It is 90 points.Above-mentioned technique can be such that the coarse cereals such as Semen Coicis, black rice and rice is boiled altogether with ripe, the curing time of coarse cereals after processing still compared with
It is long, and need to carry out long-time immersion to coarse cereals, the precuring of coarse cereals cannot be realized in a short time.

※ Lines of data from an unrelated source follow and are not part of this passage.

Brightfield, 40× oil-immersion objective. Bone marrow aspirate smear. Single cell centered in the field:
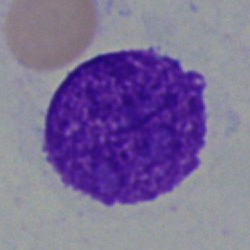

Morphology — artifact.
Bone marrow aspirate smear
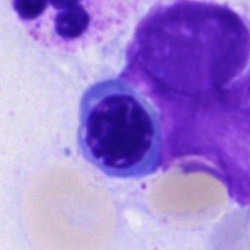

A nucleated red cell.
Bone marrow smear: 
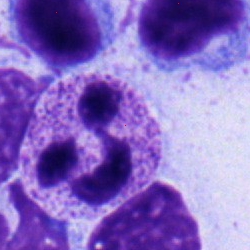

Q: What type of cell is this?
A: A segmented neutrophil.
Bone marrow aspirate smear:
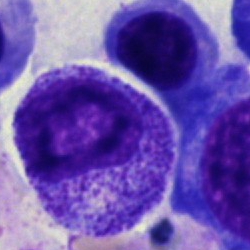 Specimen: bone marrow aspirate smear.
Cell type: myelocyte.
Lineage: myeloid.
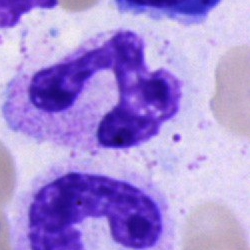Classification — polymorphonuclear neutrophil.
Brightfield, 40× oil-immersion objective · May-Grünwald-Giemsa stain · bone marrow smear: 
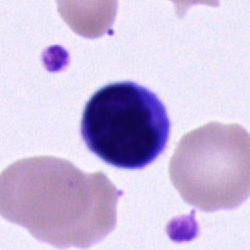

Cell: lymphocyte.
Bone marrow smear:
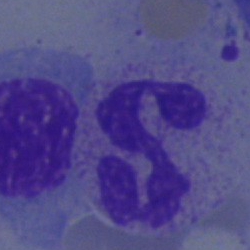Polymorphonuclear neutrophil.
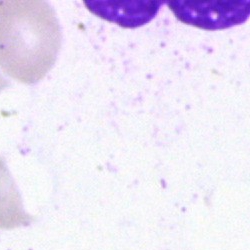

Specimen: bone marrow smear.
Cell: artifact.
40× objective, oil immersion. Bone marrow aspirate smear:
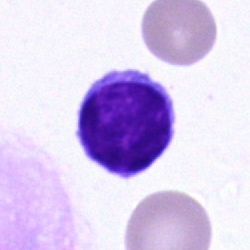Q: What type of cell is this?
A: It is a typical lymphocyte.
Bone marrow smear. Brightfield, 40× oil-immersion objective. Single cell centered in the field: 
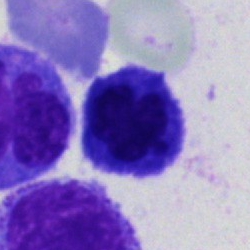{"cell_type": "normoblast", "lineage": "erythroid"}
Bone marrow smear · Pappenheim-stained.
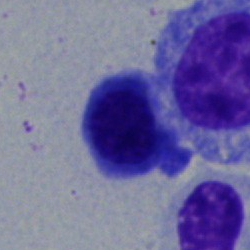
This is a nucleated red cell.
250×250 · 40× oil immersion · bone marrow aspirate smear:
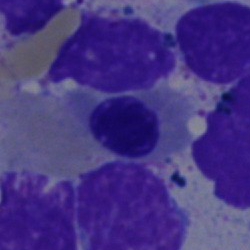Nucleated red blood cell.
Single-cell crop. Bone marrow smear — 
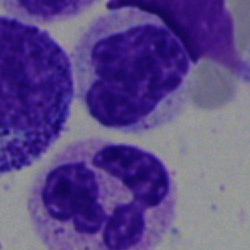
Cell: neutrophil (segmented).
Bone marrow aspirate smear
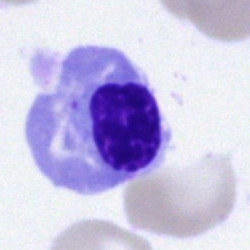 Nucleated red blood cell.
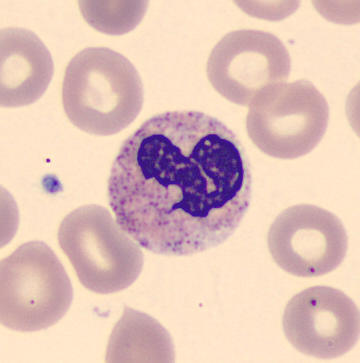

Classification: polymorphonuclear neutrophil.
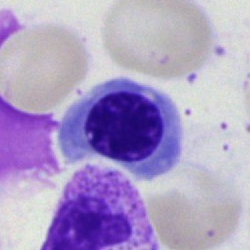 Morphology consistent with a nucleated red cell.
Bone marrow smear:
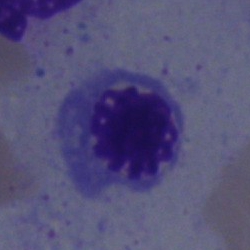
The cell is normoblast.
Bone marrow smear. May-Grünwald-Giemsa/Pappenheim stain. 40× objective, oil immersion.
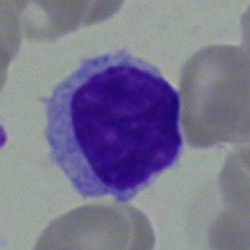

Impression → typical lymphocyte.
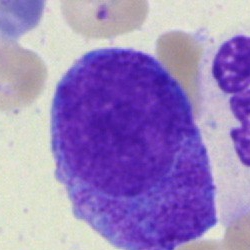
Specimen: bone marrow aspirate smear.
Classification: promyelocyte.
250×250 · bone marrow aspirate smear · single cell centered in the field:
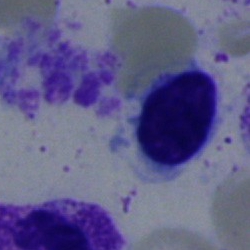

Q: What is the morphological classification of this cell?
A: A typical lymphocyte.

CN103652592A discloses a kind of for making the raw material soaking liquid of rice grain brewing type instant convenient porridge, the raw material
The ingredient of soak includes citric acid, sodium carbonate, cycloheptaamylose, monoglyceride and sucrose fatty ester, by rice, millet, black
The coarse cereals such as rice, glutinous rice, Semen Coicis are placed in ultrasound in the raw material soaking liquid and impregnate 10-80min, are placed in clear water and surpass again after centrifugal dehydration
Sound impregnates 10-80min, then cooks 15min, hot wind/hot wind and microwave or infrared combined drying through centrifugal dehydration, high pressure
Rice grain brewing type instant convenient porridge is obtained, which, which is placed in boiling water, keeps the temperature 5min, and it can be served.Though the instant gruel
It can make coarse cereals rapid aging, but need to use citric acid, sodium carbonate, cycloheptaamylose, monoglyceride and sucrose fatty ester etc. and is more
Kind additive and prolonged high pressure steaming, will affect the nutritive value of coarse cereals.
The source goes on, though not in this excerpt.